Check if there are duplicated annotations ids.

Parameters:

json_data (Dict) – data from a coco json file.

Returns:

True if the annotation ids are unique, False otherwise.

Return type:

bool

static _annotations_have_mandatory_keys(json_data, mandatory_keys=None)[source]

Check if annotations have the mandatory keys.

Parameters:
  • json_data (Dict) – data from a coco json file.

  • mandatory_keys (Optional[List]) – mandatory keys for a valid COCO json file.

Returns:

True if the dictionary has mandatory keys, False otherwise.

Return type:

bool

static _annotations_have_valid_category_id(json_data)[source]

Check that annotations have a valid category id.

Parameters:

json_data (Dict) – data from a coco json file.

Return type:

bool

static _annotations_have_valid_image_id(json_data)[source]

Check that annotations have a valid image id.

Parameters:

json_data (Dict) – data from a coco json file.

Return type:

bool

static _categories_have_mandatory_keys(json_data, mandatory_keys=None, recommended_keys=None)[source]

Check if categories have the mandatory keys.

Parameters:
  • json_data (Dict) – data from a coco json file.

  • mandatory_keys (Optional[List]) – mandatory keys for a valid COCO json file. If missing, validation fails.

  • recommended_keys (Optional[List]) – recommended keys for a valid COCO json file. If missing, generates a warning. The check on these keys is run only after checking the mandatory keys.

Returns:

True if the dictionary has mandatory keys, False otherwise.

Return type:

bool

static _category_ids_are_unique(json_data)[source]

Check if there are duplicated category ids.

Parameters:

json_data (Dict) – data from a coco json file.

Return type:

bool

_has_valid_dataset_tree(dataset_dir)[source]

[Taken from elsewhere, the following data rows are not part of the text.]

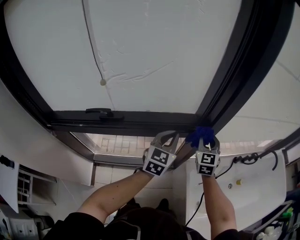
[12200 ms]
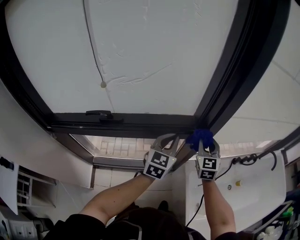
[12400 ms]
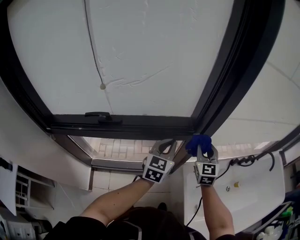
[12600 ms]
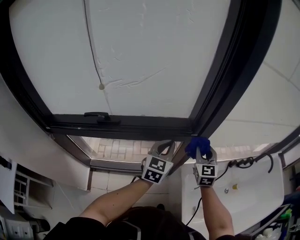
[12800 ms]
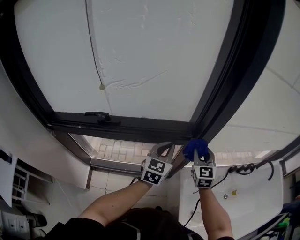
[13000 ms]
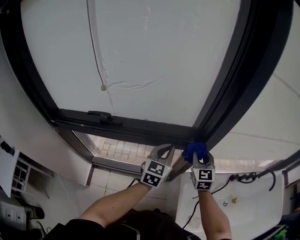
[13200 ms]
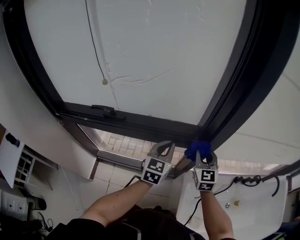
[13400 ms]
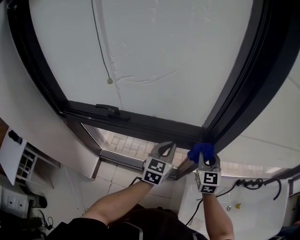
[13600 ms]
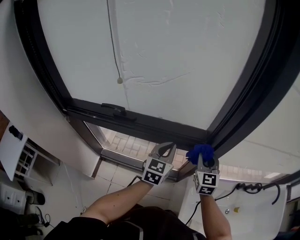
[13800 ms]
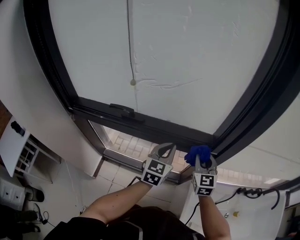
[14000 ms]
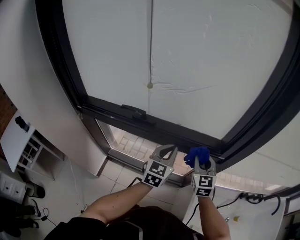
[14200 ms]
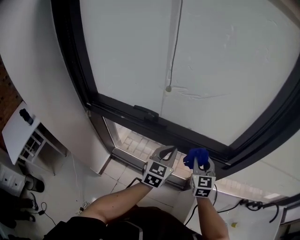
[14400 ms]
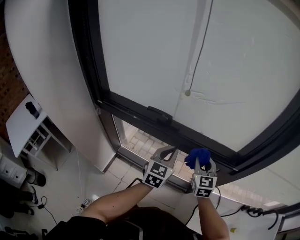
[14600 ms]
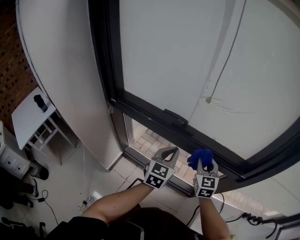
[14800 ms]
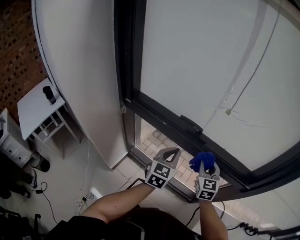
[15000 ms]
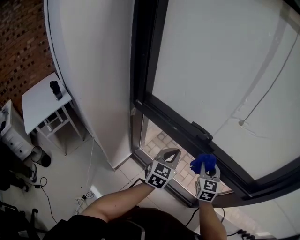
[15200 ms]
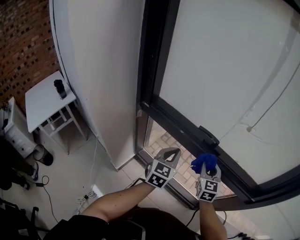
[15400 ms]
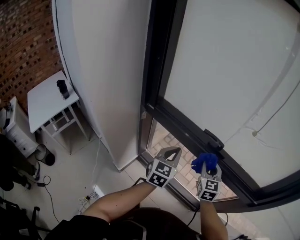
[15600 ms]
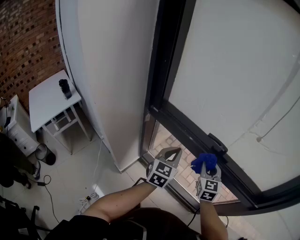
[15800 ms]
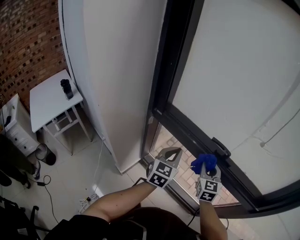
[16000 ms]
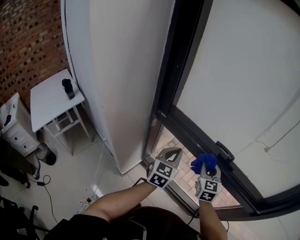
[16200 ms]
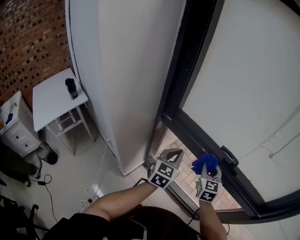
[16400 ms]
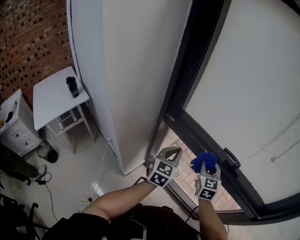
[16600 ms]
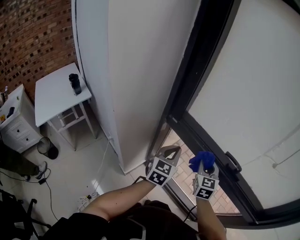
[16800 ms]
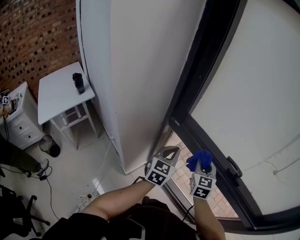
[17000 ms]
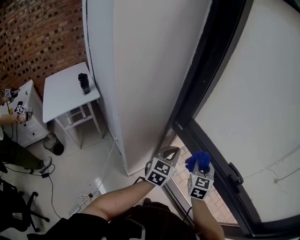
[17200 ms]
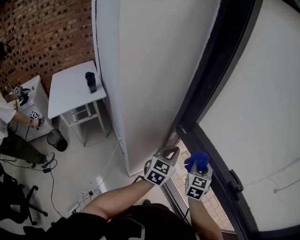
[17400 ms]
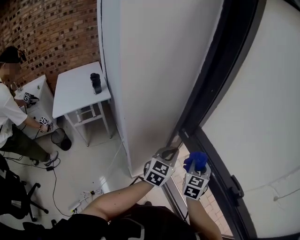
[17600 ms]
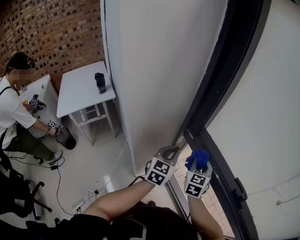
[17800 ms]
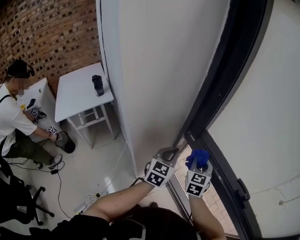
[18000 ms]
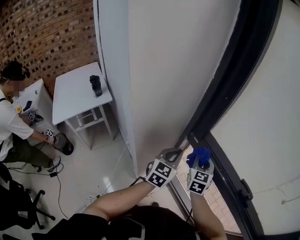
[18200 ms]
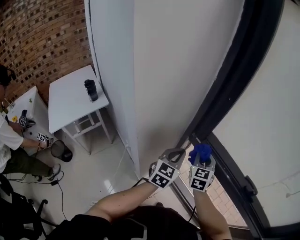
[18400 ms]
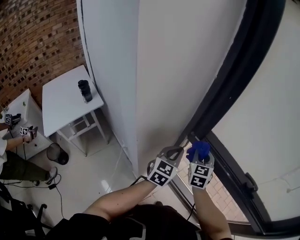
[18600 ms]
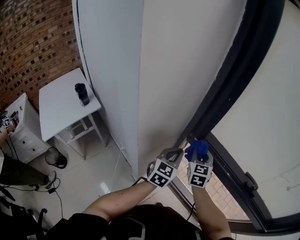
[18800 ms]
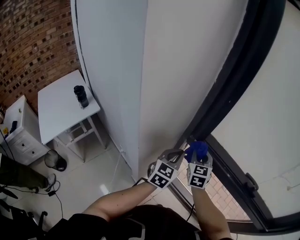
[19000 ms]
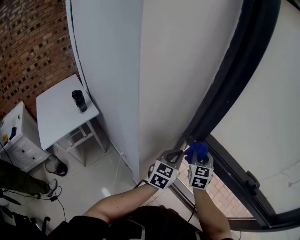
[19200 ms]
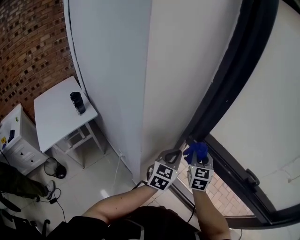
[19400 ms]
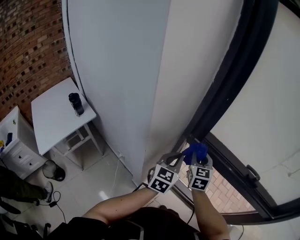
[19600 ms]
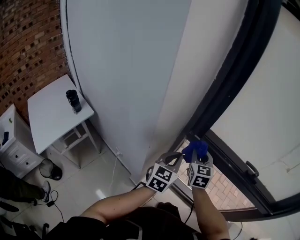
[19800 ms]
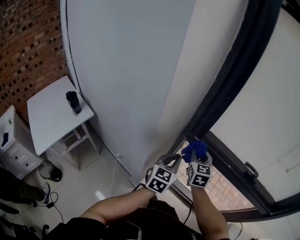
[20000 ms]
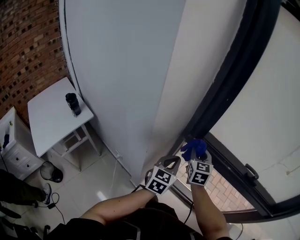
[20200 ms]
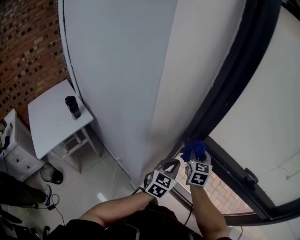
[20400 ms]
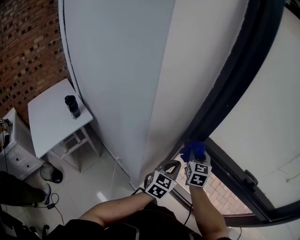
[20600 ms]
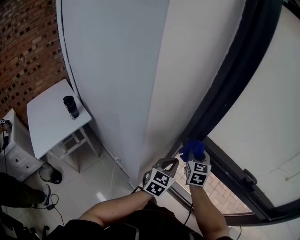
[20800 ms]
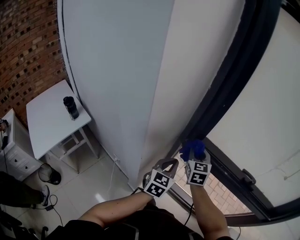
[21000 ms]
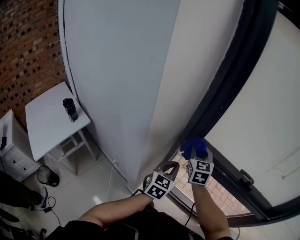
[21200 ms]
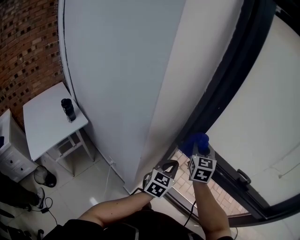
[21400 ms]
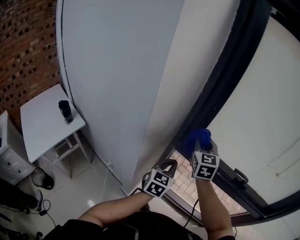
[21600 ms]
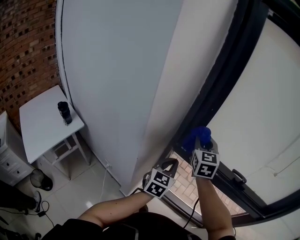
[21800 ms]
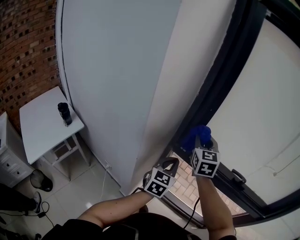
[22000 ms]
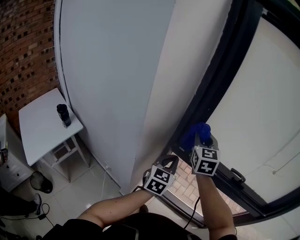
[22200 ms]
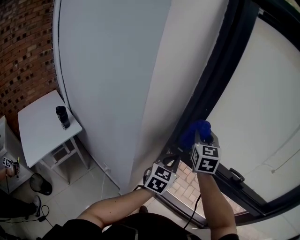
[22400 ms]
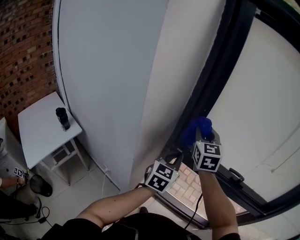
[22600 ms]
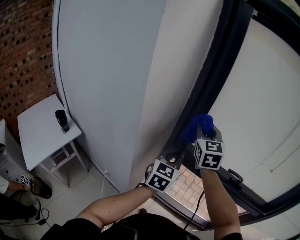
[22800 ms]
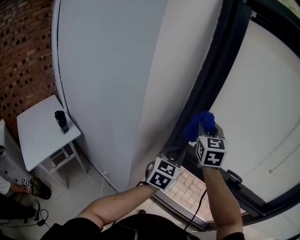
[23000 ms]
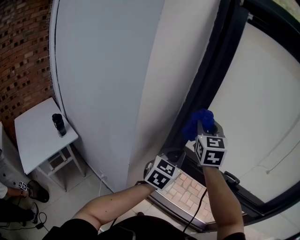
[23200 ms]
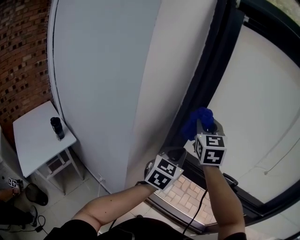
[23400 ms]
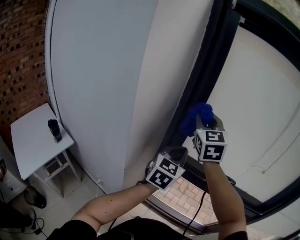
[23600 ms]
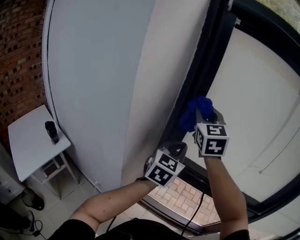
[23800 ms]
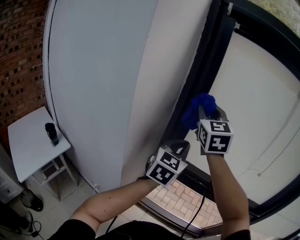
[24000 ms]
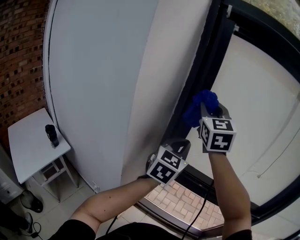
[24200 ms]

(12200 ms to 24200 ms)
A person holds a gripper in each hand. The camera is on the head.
12200 ms - 13800 ms: There are only small adjustments of the grippers.
13800 ms - 15200 ms: The two grippers go some 35 cm to the left. The left gripper swivels some 20 degrees.
15200 ms - 16600 ms: The two grippers go some 20 cm to the left.
16600 ms - 18200 ms: Both grippers move to the left and forward, roughly 15 cm.
18200 ms - 19800 ms: The right gripper changes place by some 5 cm.
19800 ms - 21200 ms: The right gripper moves roughly 5 cm.
21200 ms - 22600 ms: The right gripper travels upward by roughly 15 cm; the left gripper shifts approximately 10 cm upward.
22600 ms - 24200 ms: The grippers both shift upward by some 20 cm.

Check dataset directory tree validity

Returns:

True if the dataset tree is valid, False otherwise

Parameters:

dataset_dir (Union[str, Path]) –

Return type:

bool

static _image_ids_are_unique(json_data)[source]

Check if there are duplicated image ids.

Parameters:

json_data (Dict) – data from a coco json file.

Return type:

bool

static _images_have_mandatory_keys(json_data, mandatory_keys=None)[source]

Check if images have the mandatory keys.

Parameters:
  • json_data (Dict) – data from a coco json file.

  • mandatory_keys (Optional[List]) – mandatory keys for a valid COCO json file.

Returns:

True if the dictionary has mandatory keys, False otherwise.

Return type:

bool

static _json_has_mandatory_keys(json_data, mandatory_keys=None)[source]

Check if the input COCO annotation json file has the mandatory keys.

Correct COCO annotation json files must have the following keys: “images”, “annotations”, “categories”. There are some exceptions: for example, the “categories” field does not exist for caption annotations. In these cases, you can explicitly feed the mandatory_keys to the function.

Parameters:
  • json_data (Dict) – data from a coco json file.

  • mandatory_keys (Optional[List]) – mandatory keys for a valid COCO json file.

Returns:

True if the json file has mandatory keys, False otherwise.

Return type:

bool

static _licenses_ids_are_unique(json_data)[source]

Check if there are duplicated licenses ids.

Parameters:

json_data (Dict) – data from a coco json file.

Return type:

bool

validate_dataset()[source]

Check if this is a valid COCO dataset.

Returns:

True if this is a valida dataset.

Return type:

Tuple[bool, dict]

validate_dir(json_fname='coco.json')[source]

Checks the COCO dataset validity based on the dir structure.

Parameters:

json_fname (str) – the name of the json file containing the COCO dataset.

Returns:

True if this is a valid COCO dataset.

Return type:

bool